Detlef Bock

Personal information
- Full name: Detlef Bock
- Nationality: Germany
- Born: 15 August 1974 (age 51) Staßfurt, Saxony-Anhalt, East Germany
- Height: 1.94 m (6 ft 4+1⁄2 in)
- Weight: 135 kg (298 lb)

Sport
- Sport: Athletics
- Event: Shot put
- Club: VfL Wolfsburg
- Coached by: Werner Goldmann

Achievements and titles
- Personal best: Shot put: 20.72 (2005)

= Detlef Bock =

German shot putter

Detlef Bock (born 15 August 1974 in Staßfurt, Saxony-Anhalt) is a retired German shot putter. Born and raised in the former East Germany, Bock represented his nation Germany at the 2004 Summer Olympics and also trained as a member of the athletics squad for the sport club VfL Wolfsburg (until 2006) under his coach Werner Goldmann. In 2005, Bock threw a personal best of 20.72 metres at a shot put meeting in Engers, finishing behind his rival Ralf Bartels by sixty centimetres.

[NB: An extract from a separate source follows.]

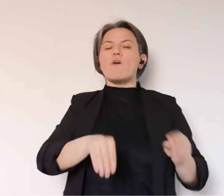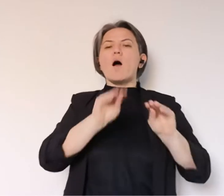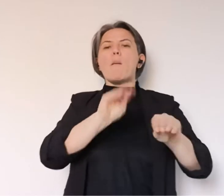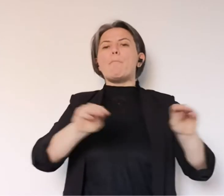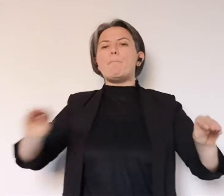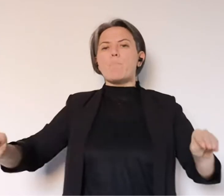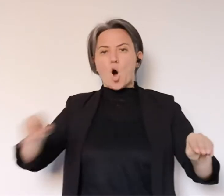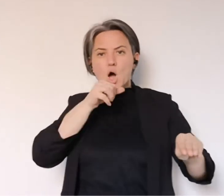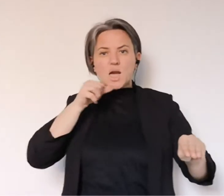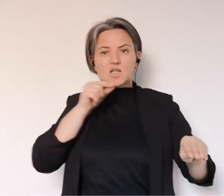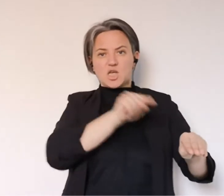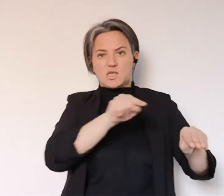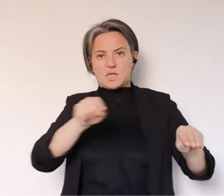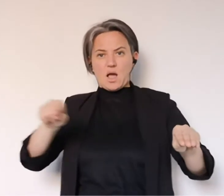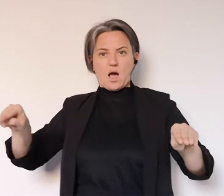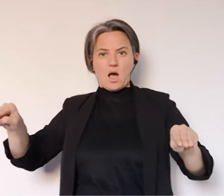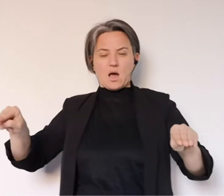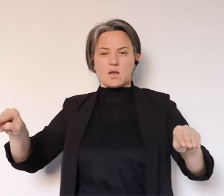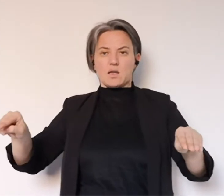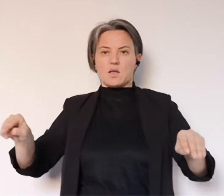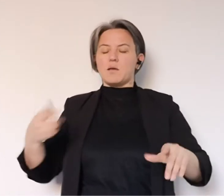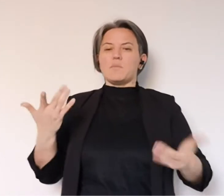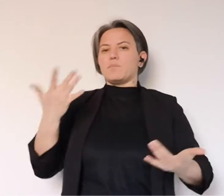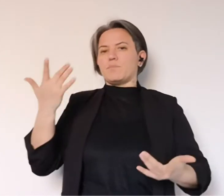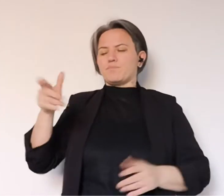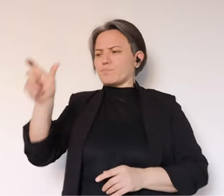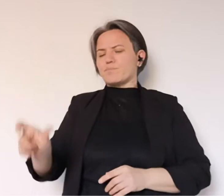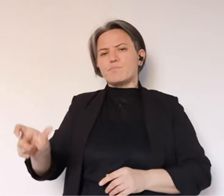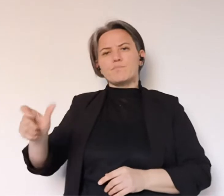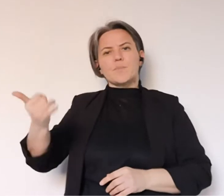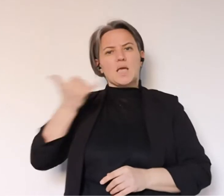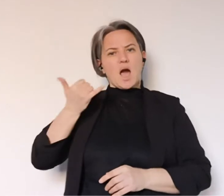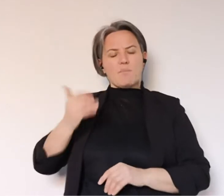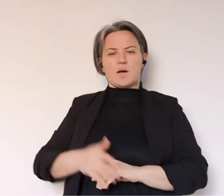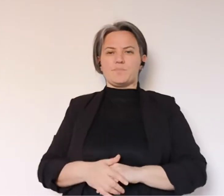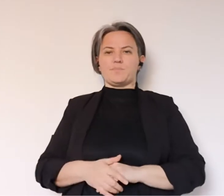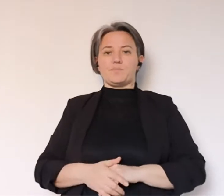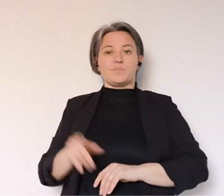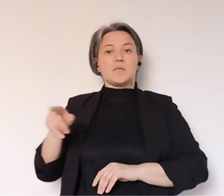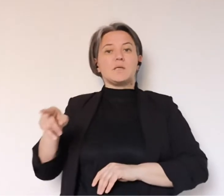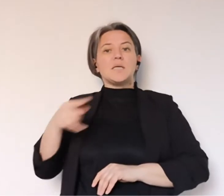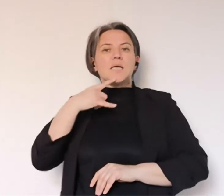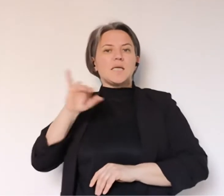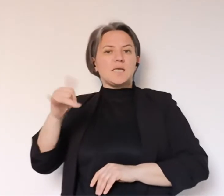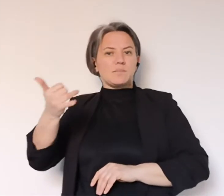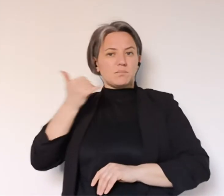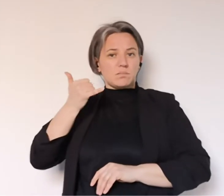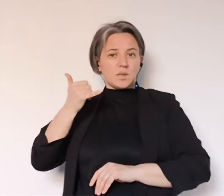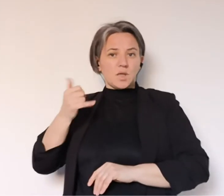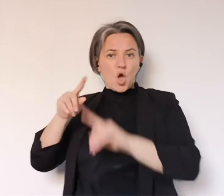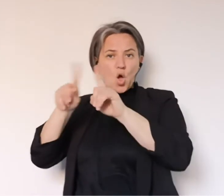distribuite dove? Nei luoghi necessari, perché questo è un altro tema. Io non posso ricevere delle

Bock qualified for the German squad, along with Bartels and Peter Sack, in the men's shot put at the 2004 Summer Olympics in Athens. Earlier in the process, he achieved a 2004 season best and an A-standard entry mark of 20.44 metres from the German shot put meet in Engers. Held inside the renowned Ancient Olympia Stadium, Bock launched a best shot of 18.89 metres on his second attempt in the prelims. Placing thirty-third out of 39 athletes in the overall standings, Bock failed to advance further to the final round.